Por su parte, Lucas e Nadia aluden a la historia política de la ciudad. Nadia, joven homosexual, feliz y realizada profesionalmente, carga el fantasma de la desaparición de su padre militante durante la dictadura. Este tema aparece aquí desde el punto de vista de los hijos, de una generación que ve esa situación histórica desde otro plano. Además de esa crisis, Nadia también se siente angustiada porque no obstante su éxito cinematográfico independiente, se encuentra en una especie de trampa profesional: debe realizar una cinta comercial edulcorada que explota una imagen estereotipada de América Latina para agradar al público europeo, que dejaría la idea ilusoria de que todos los desaparecidos están vivos en algún lugar.

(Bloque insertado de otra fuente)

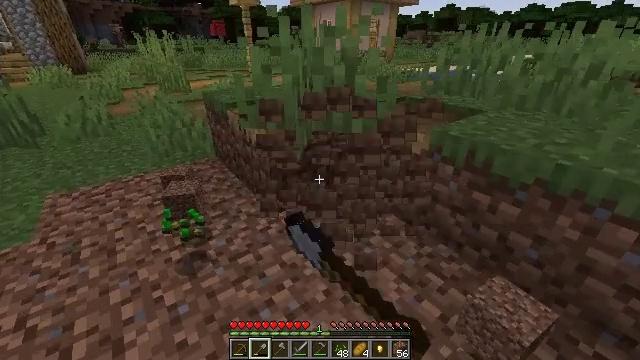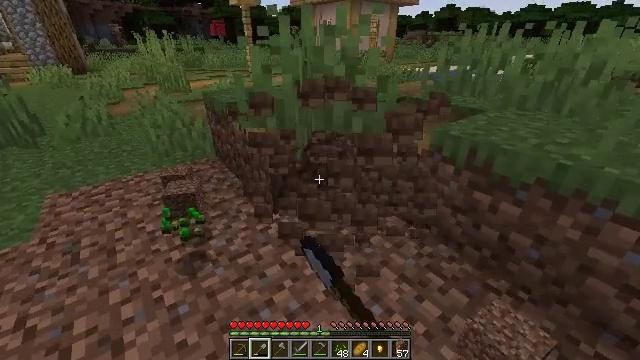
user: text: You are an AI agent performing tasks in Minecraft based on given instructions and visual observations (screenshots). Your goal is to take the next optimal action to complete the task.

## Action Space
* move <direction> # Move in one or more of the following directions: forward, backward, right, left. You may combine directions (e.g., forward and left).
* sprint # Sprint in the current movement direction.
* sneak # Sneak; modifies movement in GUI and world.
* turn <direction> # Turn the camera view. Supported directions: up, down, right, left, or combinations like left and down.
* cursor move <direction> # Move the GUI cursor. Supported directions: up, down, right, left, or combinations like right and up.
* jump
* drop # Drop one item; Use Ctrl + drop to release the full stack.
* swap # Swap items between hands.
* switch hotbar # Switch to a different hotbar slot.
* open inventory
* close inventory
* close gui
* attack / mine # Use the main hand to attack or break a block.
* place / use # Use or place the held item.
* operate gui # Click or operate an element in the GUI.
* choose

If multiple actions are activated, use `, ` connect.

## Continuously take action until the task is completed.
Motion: motion action
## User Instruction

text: Harvest grass block to clear the area.
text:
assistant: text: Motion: attack / mine
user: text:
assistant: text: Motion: attack / mine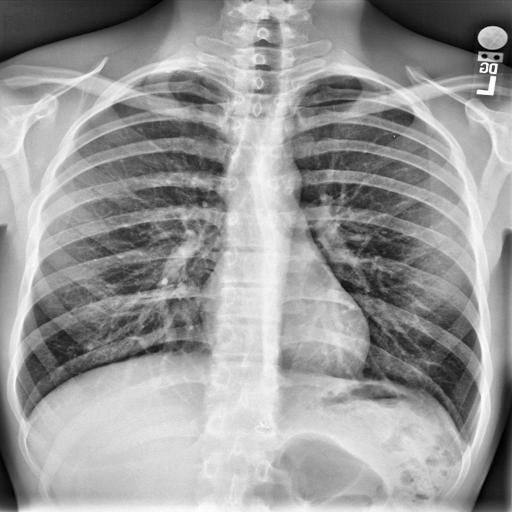
Finding: NORMAL
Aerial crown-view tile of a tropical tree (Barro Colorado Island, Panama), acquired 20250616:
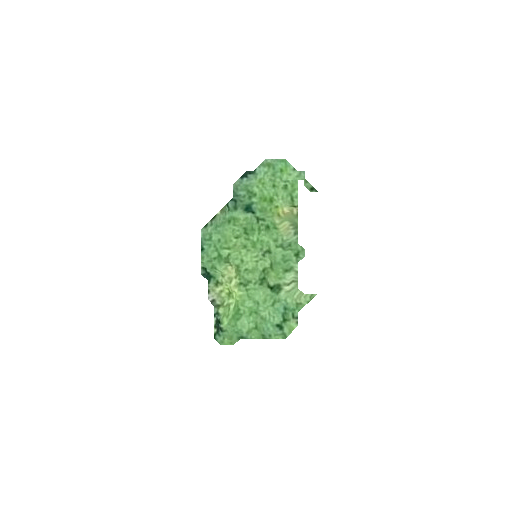
Species: Alseis blackiana
GBIF accepted scientific name: Alseis blackiana
Crown area: 21.308 m²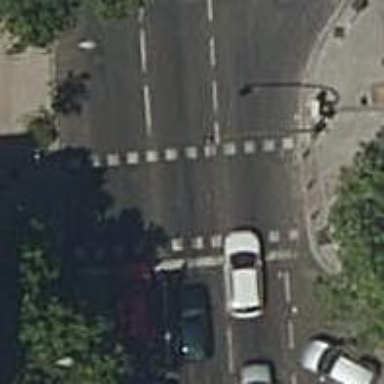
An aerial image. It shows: Road with traffic signals and zebra crossing with traffic signals.
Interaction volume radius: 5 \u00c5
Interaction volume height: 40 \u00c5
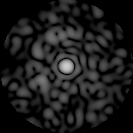
Disorder parameter: 0.8261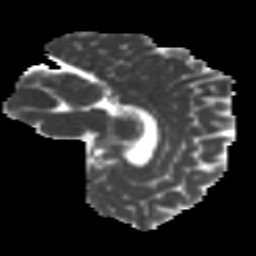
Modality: MD
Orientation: sagittal
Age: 20
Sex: male
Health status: ill
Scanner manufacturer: ge
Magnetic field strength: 3 T
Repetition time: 6.776 s
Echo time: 0.0794 s
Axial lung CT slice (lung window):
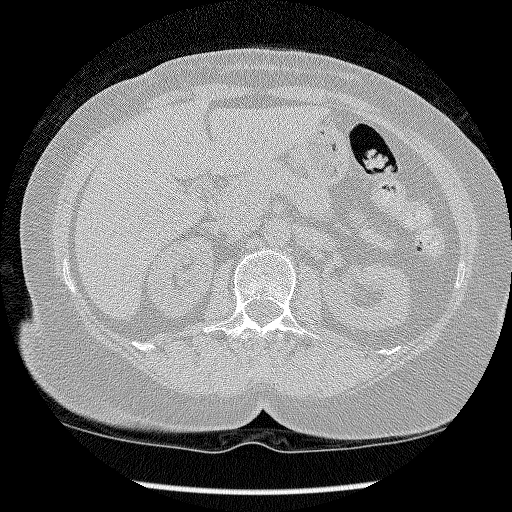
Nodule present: no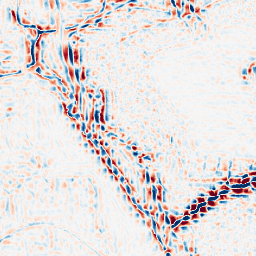
Category: wavelet
Decomposition family: wavelet_reverse_biorthogonal
Decomposition parameters: wavelet: rbio4.4
level: 3
Upsampling method: bilinear
Upsampling parameters: scale: 8
Upsampling scale: 8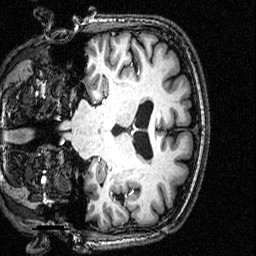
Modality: T1w
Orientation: coronal
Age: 49
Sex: male
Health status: healthy
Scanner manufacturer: siemens
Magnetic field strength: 3 T
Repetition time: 2.5 s
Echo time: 0.00393 s
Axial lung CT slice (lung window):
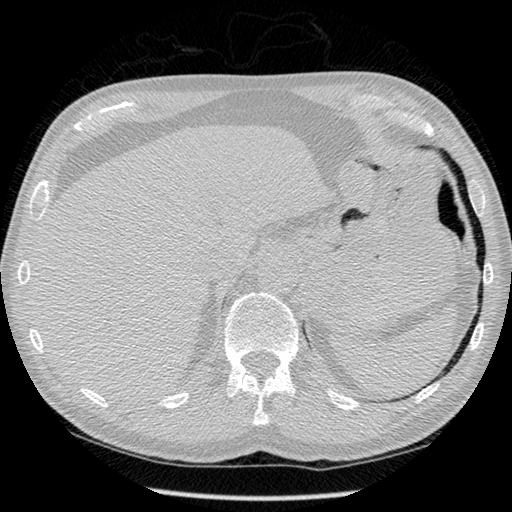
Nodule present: no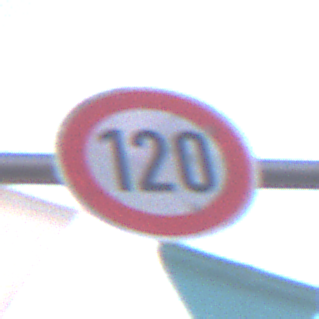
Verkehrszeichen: Geschwindigkeit120
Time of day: MorningAfternoon
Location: Outdoor (Special)
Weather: PartlyCloudy
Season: NotSpecified
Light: Natural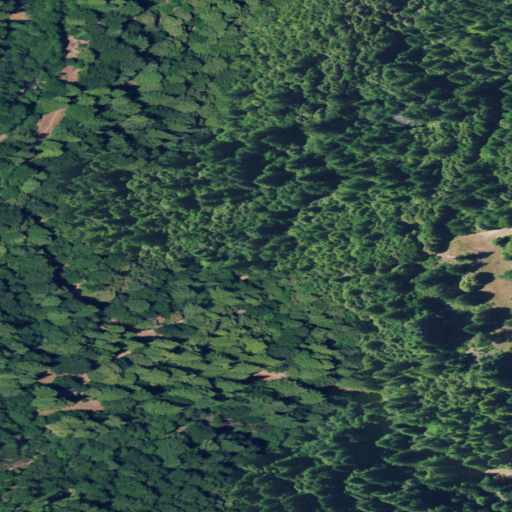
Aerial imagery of valley in California named Preacher Gulch containing evergreen forest, open development, deciduous forest, shrub, medium intensity development, and mixed forest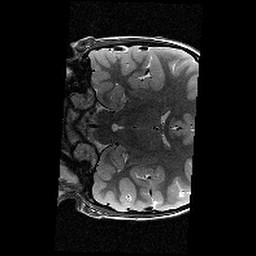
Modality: T2w
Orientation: coronal
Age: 10
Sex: female
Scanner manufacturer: siemens
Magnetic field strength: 3 T
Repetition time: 9.23 s
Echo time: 0.067 s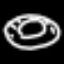
Label: donut
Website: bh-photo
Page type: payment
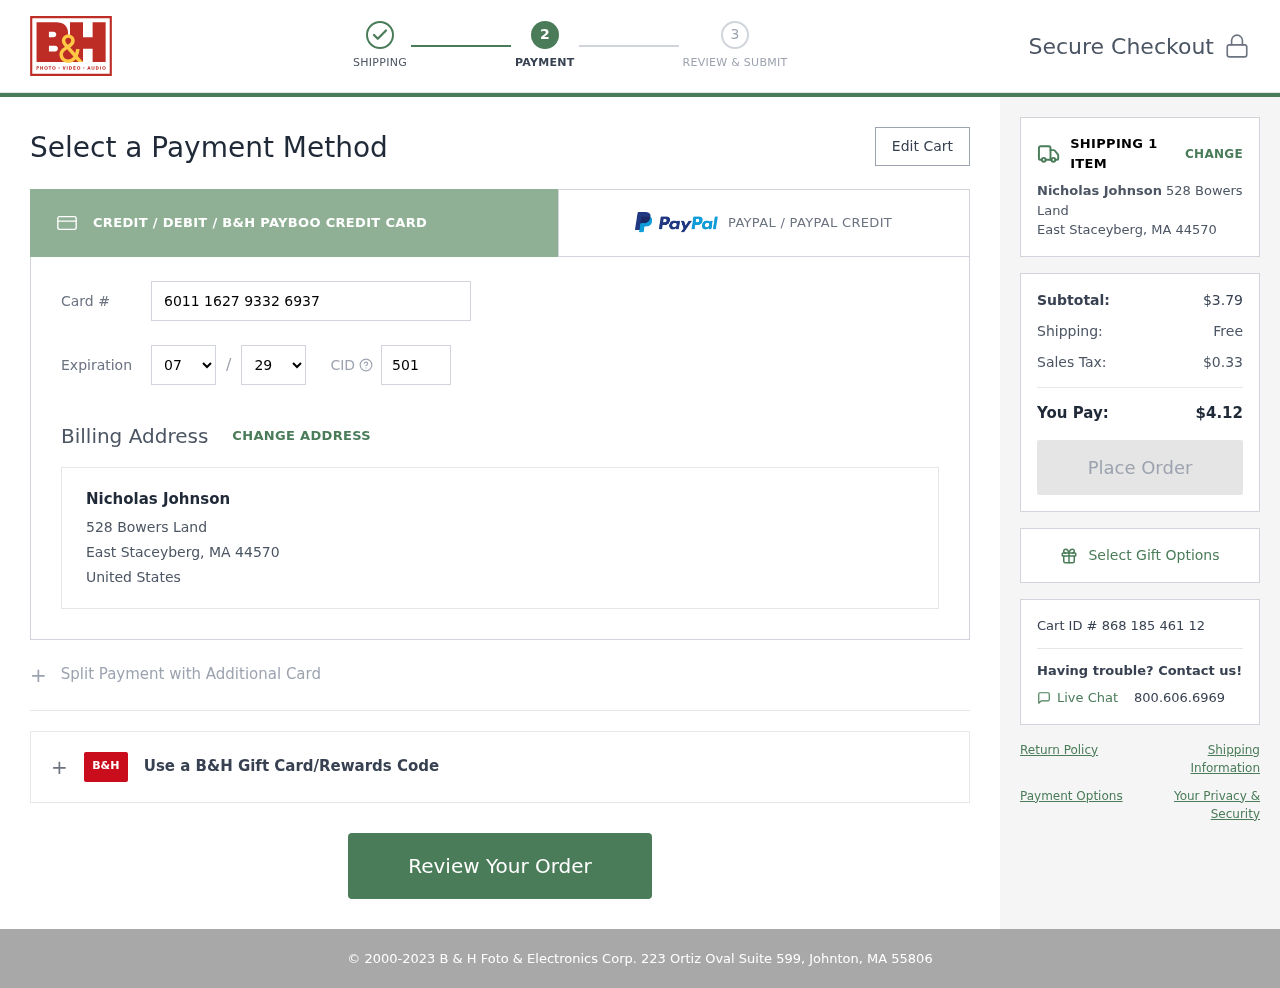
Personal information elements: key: PII_CARD_CVV
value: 501
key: PII_CARD_EXPIRY_MONTH
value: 07
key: PII_CARD_EXPIRY_YEAR
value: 29
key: PII_CARD_NUMBER
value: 6011 1627 9332 6937
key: PII_CITY_STATE_ZIP
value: East Staceyberg, MA 44570
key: PII_COUNTRY
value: United States
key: PII_FULLNAME
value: Nicholas Johnson
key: PII_STREET
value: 528 Bowers Land
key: PII_FULLNAME2
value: Nicholas Johnson
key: PII_CITY
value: East Staceyberg
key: PII_STATE_ABBR
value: MA
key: PII_POSTCODE
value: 44570
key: PII_POSTCODE_FULL
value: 44570
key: PII_CITY_STATE
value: East Staceyberg, MA
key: PII_POSTCODE_NUMERIC
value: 44570
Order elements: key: ORDER_NUM_ITEMS
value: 1
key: ORDER_SUBTOTAL
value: $3.79
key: ORDER_SHIPPING_COST
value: Free
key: ORDER_TAX
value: $0.33
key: ORDER_TOTAL
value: $4.12
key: ORDER_ID
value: Cart ID # 868 185 461 12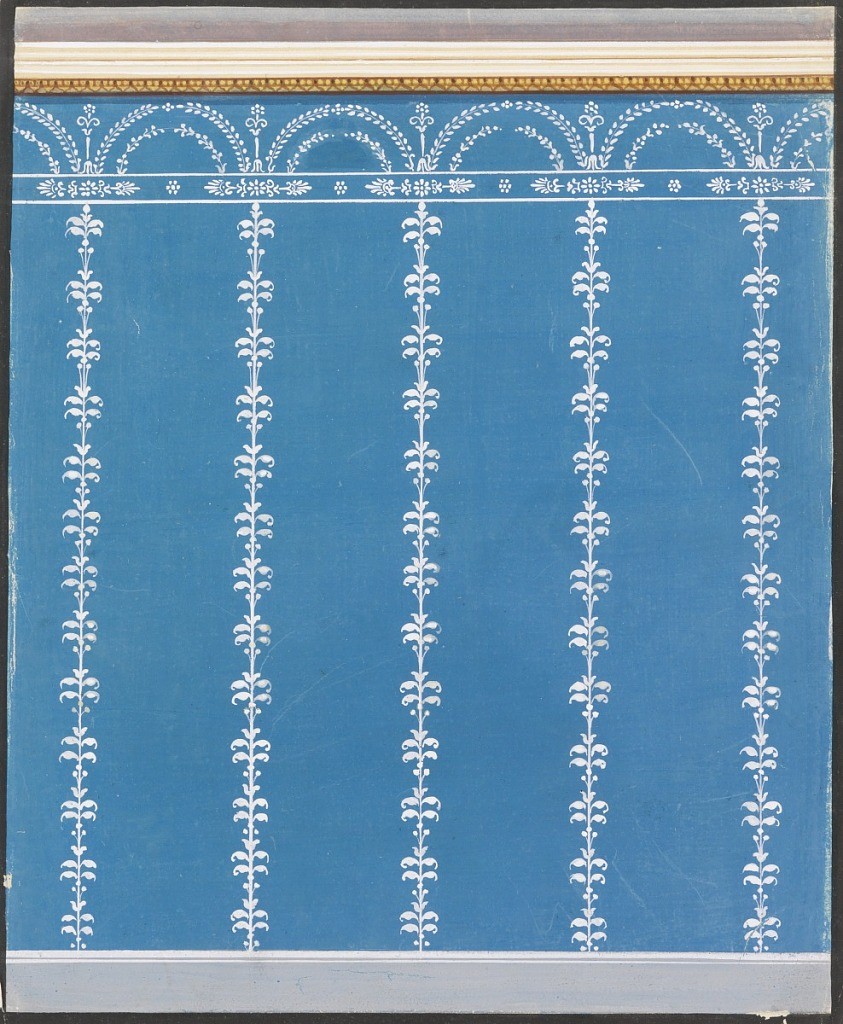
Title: Wallpaper Design
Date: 1825–35
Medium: Brush and gouache, graphite on white paper
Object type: Drawing
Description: A dado is shown at the bottom, an entablature consisting of a few moldings beneath two darkly colored stripes on top. The moldings at the bottom of the entablature are colored yellow and brown and show ornamentations. The panel is dark blue and decorated in white. Vertical stems with leaves and seeds support a horizontal band which shows clasp motifs alternating with rosettes. The vertical stems are continued above the band by calyx stands with petals. They are connected by semicircles formed by boughs and a rosette. Shorter boughs form incomplete semicircles, beneath the upper ones.
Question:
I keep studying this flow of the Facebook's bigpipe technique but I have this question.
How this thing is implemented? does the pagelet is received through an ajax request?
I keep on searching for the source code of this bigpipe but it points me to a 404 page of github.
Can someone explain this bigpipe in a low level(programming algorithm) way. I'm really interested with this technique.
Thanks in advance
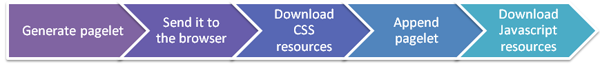
Answer: Well, no, the main content and pagelets are received with the same connection. The pagelets are simply streamed as they are generated to the browser, and placed in the document with Javascript.
You can find an open (and simple) BigPipe implementation in PHP <URL>.
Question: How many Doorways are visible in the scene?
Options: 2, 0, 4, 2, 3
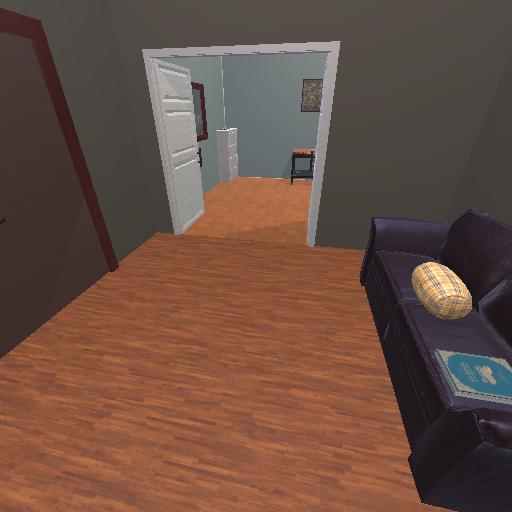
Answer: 2
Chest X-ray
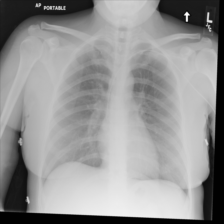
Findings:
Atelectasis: negative
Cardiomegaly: negative
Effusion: negative
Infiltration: negative
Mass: negative
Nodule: negative
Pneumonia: negative
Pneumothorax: negative
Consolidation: negative
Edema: negative
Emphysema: negative
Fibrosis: negative
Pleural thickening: negative
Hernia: negative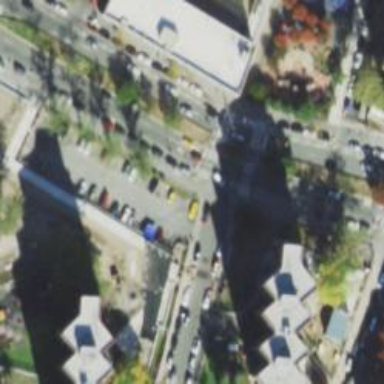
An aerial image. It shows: Footway that serves as traffic island.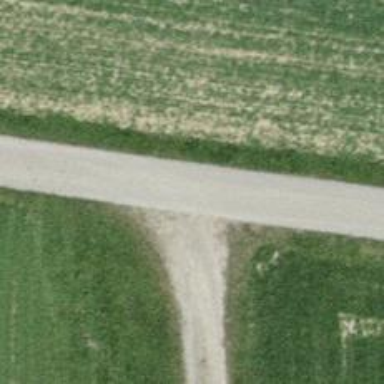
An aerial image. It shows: Unclassified road with asphalt surface.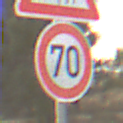
Verkehrszeichen: Geschwindigkeit70
Zusatzzeichen oben: ReiterRechts
Umgebung: Outdoor, RoadRail
Tageszeit: SunriseSunset
Wetter: PartlyCloudy
Licht: Natural
Jahreszeit: NotSpecified
Kontrast: LowContrast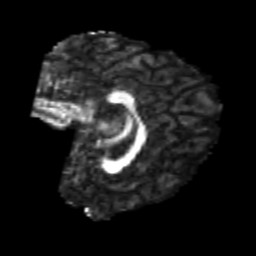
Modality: FA
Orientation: sagittal
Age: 26
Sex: female
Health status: healthy
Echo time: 0.074 s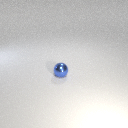
small blue metal sphere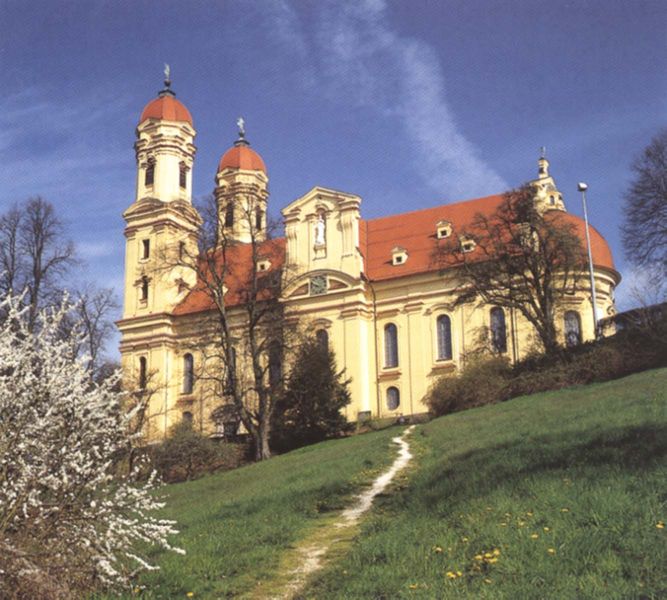
Titel: Wallfahrtskirche auf dem Schönenberg
Künstler: Michael Thumb
Standort: Ellwangen, Wallfahrtskirche Unserer lieben Frau auf dem Schönenberg (EU - D - BW)
Schlagwörter: blau, himmel, gelb, fenster, blüte, dach, rot, weg, wiese, barock, hügel, strauch, kirche, anhöhe, turm, farbig, fassade, figuren, uhr, foto, bayern, kuppeln, türme, zwiebelturm, portal, anöhe, schlehen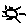
Label: sun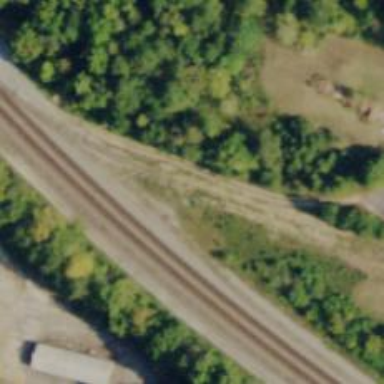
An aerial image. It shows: Disused railway spur service.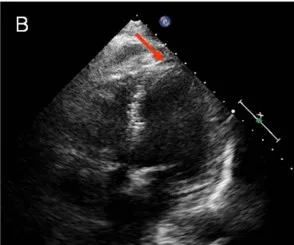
(B) Image showed the tip of the temporary lead located in the left ventricle with crossing the interventricular septum (arrow) in apical 4-chamber view.
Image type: radiology (ultrasound)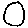
Label: circle

Lucas pertenece a un segmento de la sociedad que no tiene privilegios. El cine que puede realizar (tan sólo durante sus horas libres, con dinero robado y material barato) es muy diferente de los otros tres. En su película, un hombre es secuestrado, golpeado, mantenido en cautiverio y alimentado con hamburguesas frías. Después de un tiempo, los secuestradores lo obligan a tener una vida completamente diferente: debe trabajar disfrazado de Ronald McDonald, sin poder entrar en contacto con su familia ni sus amigos, y bajo amenaza de muerte. Esa narrativa es parecida con la situación 8 de La Marea, la historia de Martín. Parece que este procedimiento de secuestro sin rescate era un tipo de tortura practicada durante a dictadura.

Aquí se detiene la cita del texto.